Given to determine the coordinates of the maximum or minimum value of the quadratic equation $f\left(x\right)=-4x^2+5x$ to the nearest hundredth.

The maximum or minimum value of a quadratic function lies at the vertex of the graph.

For an equation of the form $f\left(x\right)=a{x}^2+bx+c$:

if a>0, it is an upwards opening parabola and so has a minimum value

if a<0, it is a downwards opening parabola and so has a maximum value.

So, the given quadratic equation has a maximum value.

For an equation of the form $f\left(x\right)=a{x}^2+bx+c$, the x-coordinate of the vertex is given by $x=-\frac{b}{2a}$

Here for the given equation, a=-4,b=5

Plugging the values in the equation:

 $\begin{array}{l}x=-\frac{b}{2a}\\ x=-\frac{\left(5\right)}{2\left(-4\right)}\\ x=\frac{5}{8}\\ x=0.625\\ x\approx 0.63\end{array}$

Hence the x-coordinate of the vertex is x=0.63.

So, the y-coordinate of the vertex can be obtained by plugging the value in the equation.

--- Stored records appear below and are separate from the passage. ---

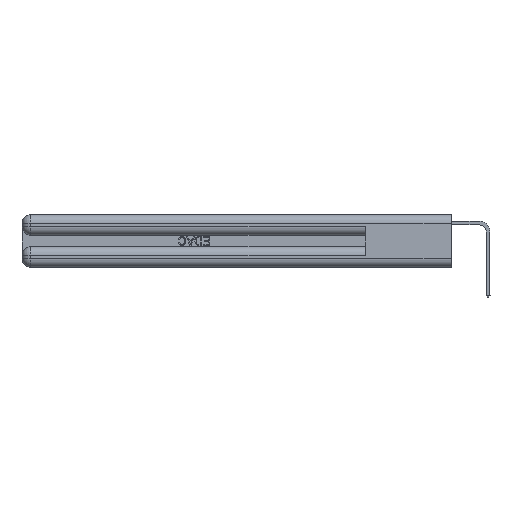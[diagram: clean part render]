
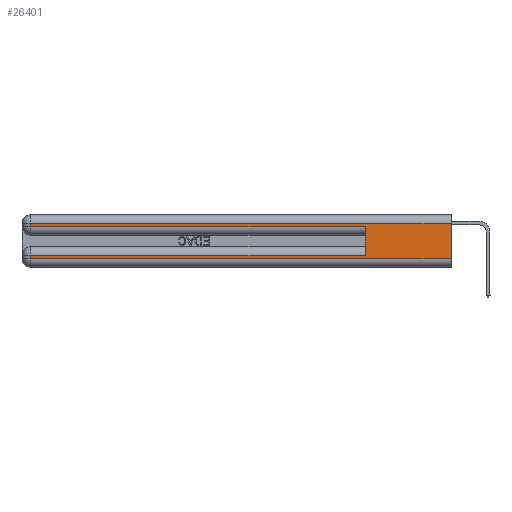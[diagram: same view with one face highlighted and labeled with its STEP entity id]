
A CAD part, left-side view. The second image highlights one B-rep face of the part: STEP entity #26401.
In plain terms, the highlighted planar face has unit normal (-1, 0, 0).
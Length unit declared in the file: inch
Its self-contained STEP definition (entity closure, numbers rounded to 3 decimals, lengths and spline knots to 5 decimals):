
#211 = VERTEX_POINT ( 'NONE', #26313 ) ;
#623 = VECTOR ( 'NONE', #32741, 39.37008 ) ;
#629 = ORIENTED_EDGE ( 'NONE', *, *, #1540, .T. ) ;
#795 = LINE ( 'NONE', #20649, #18475 ) ;
#1480 = CARTESIAN_POINT ( 'NONE',  ( 0., 0.6, 0.145 ) ) ;
#1540 = EDGE_CURVE ( 'NONE', #8814, #18069, #17367, .T. ) ;
#1640 = ORIENTED_EDGE ( 'NONE', *, *, #25050, .T. ) ;
#1645 = ORIENTED_EDGE ( 'NONE', *, *, #12817, .T. ) ;
#1939 = CARTESIAN_POINT ( 'NONE',  ( 0., 0.6, 0.085 ) ) ;
#3692 = CARTESIAN_POINT ( 'NONE',  ( 0., 2.94, 0.37 ) ) ;
#4774 = EDGE_CURVE ( 'NONE', #11257, #18069, #21662, .T. ) ;
#5712 = VERTEX_POINT ( 'NONE', #9428 ) ;
#5735 = DIRECTION ( 'NONE',  ( 1., 0., 0. ) ) ;
#8226 = DIRECTION ( 'NONE',  ( 0., 0., -1. ) ) ;
#8814 = VERTEX_POINT ( 'NONE', #22607 ) ;
#9428 = CARTESIAN_POINT ( 'NONE',  ( 0., 0., 0.06 ) ) ;
#10258 = VECTOR ( 'NONE', #15468, 39.37008 ) ;
#10294 = VECTOR ( 'NONE', #22561, 39.37008 ) ;
#10763 = VECTOR ( 'NONE', #26629, 39.37008 ) ;
#10890 = DIRECTION ( 'NONE',  ( 0., 0., -1. ) ) ;
#11180 = CARTESIAN_POINT ( 'NONE',  ( 0., 2.94, 0.06 ) ) ;
#11224 = VERTEX_POINT ( 'NONE', #16494 ) ;
#11257 = VERTEX_POINT ( 'NONE', #1939 ) ;
#11491 = CARTESIAN_POINT ( 'NONE',  ( 0., 0., 0.31 ) ) ;
#12454 = CARTESIAN_POINT ( 'NONE',  ( 0., 0., 0.06 ) ) ;
#12773 = LINE ( 'NONE', #12454, #10294 ) ;
#12817 = EDGE_CURVE ( 'NONE', #30325, #5712, #12773, .T. ) ;
#13459 = ORIENTED_EDGE ( 'NONE', *, *, #18673, .T. ) ;
#13822 = CARTESIAN_POINT ( 'NONE',  ( 0., 0., 0.37 ) ) ;
#14150 = FACE_OUTER_BOUND ( 'NONE', #21235, .T. ) ;
#14854 = LINE ( 'NONE', #24788, #21534 ) ;
#15031 = VECTOR ( 'NONE', #23743, 39.37008 ) ;
#15033 = EDGE_CURVE ( 'NONE', #11224, #8814, #795, .T. ) ;
#15293 = CARTESIAN_POINT ( 'NONE',  ( 0., 0., 0.085 ) ) ;
#15468 = DIRECTION ( 'NONE',  ( 0., 1., 0. ) ) ;
#15954 = LINE ( 'NONE', #15293, #10258 ) ;
#16494 = CARTESIAN_POINT ( 'NONE',  ( 0., 2.94, 0.31 ) ) ;
#16629 = CARTESIAN_POINT ( 'NONE',  ( 0., 0., 0.31 ) ) ;
#17344 = ORIENTED_EDGE ( 'NONE', *, *, #28324, .F. ) ;
#17367 = LINE ( 'NONE', #27462, #623 ) ;
#17488 = ORIENTED_EDGE ( 'NONE', *, *, #27748, .T. ) ;
#18069 = VERTEX_POINT ( 'NONE', #18721 ) ;
#18475 = VECTOR ( 'NONE', #10890, 39.37008 ) ;
#18673 = EDGE_CURVE ( 'NONE', #11257, #211, #15954, .T. ) ;
#18721 = CARTESIAN_POINT ( 'NONE',  ( 0., 0.6, 0.285 ) ) ;
#19018 = ORIENTED_EDGE ( 'NONE', *, *, #4774, .F. ) ;
#20314 = DIRECTION ( 'NONE',  ( 0., 0., -1. ) ) ;
#20649 = CARTESIAN_POINT ( 'NONE',  ( 0., 2.94, 0.37 ) ) ;
#21235 = EDGE_LOOP ( 'NONE', ( #17344, #1640, #31696, #629, #19018, #13459, #17488, #1645 ) ) ;
#21534 = VECTOR ( 'NONE', #20314, 39.37008 ) ;
#21595 = PLANE ( 'NONE',  #28340 ) ;
#21662 = LINE ( 'NONE', #1480, #10763 ) ;
#22561 = DIRECTION ( 'NONE',  ( 0., -1., 0. ) ) ;
#22607 = CARTESIAN_POINT ( 'NONE',  ( 0., 2.94, 0.285 ) ) ;
#23743 = DIRECTION ( 'NONE',  ( 0., 1., 0. ) ) ;
#24788 = CARTESIAN_POINT ( 'NONE',  ( 0., 0., 0.37 ) ) ;
#25050 = EDGE_CURVE ( 'NONE', #30366, #11224, #31688, .T. ) ;
#25752 = VECTOR ( 'NONE', #26063, 39.37008 ) ;
#26063 = DIRECTION ( 'NONE',  ( 0., 0., -1. ) ) ;
#26313 = CARTESIAN_POINT ( 'NONE',  ( 0., 2.94, 0.085 ) ) ;
#26401 = ADVANCED_FACE ( 'NONE', ( #14150 ), #21595, .F. ) ;
#26629 = DIRECTION ( 'NONE',  ( 0., 0., 1. ) ) ;
#27462 = CARTESIAN_POINT ( 'NONE',  ( 0., 0., 0.285 ) ) ;
#27748 = EDGE_CURVE ( 'NONE', #211, #30325, #29367, .T. ) ;
#28324 = EDGE_CURVE ( 'NONE', #30366, #5712, #14854, .T. ) ;
#28340 = AXIS2_PLACEMENT_3D ( 'NONE', #13822, #5735, #8226 ) ;
#29367 = LINE ( 'NONE', #3692, #25752 ) ;
#30325 = VERTEX_POINT ( 'NONE', #11180 ) ;
#30366 = VERTEX_POINT ( 'NONE', #11491 ) ;
#31688 = LINE ( 'NONE', #16629, #15031 ) ;
#31696 = ORIENTED_EDGE ( 'NONE', *, *, #15033, .T. ) ;
#32741 = DIRECTION ( 'NONE',  ( 0., -1., 0. ) ) ;

Plugging x=0.625 in the equation:

 $\begin{array}{l}f\left(x\right)=-4x^2+5x\\ f\left(0.625\right)=-4{\left(0.625\right)}^2+5\left(0.625\right)\\ f\left(0.625\right)=-1.5625+3.125\\ f\left(0.625\right)=1.5625\\ f\left(0.625\right)\approx 1.56\end{array}$

Hence the coordinates of the vertex is $\left(0.63,1.5625\right)$.

The coordinates of the maximum value of the quadratic equation $f\left(x\right)=-4x^2+5x$ to the nearest hundredth is $\left(0.63,1.5625\right)$.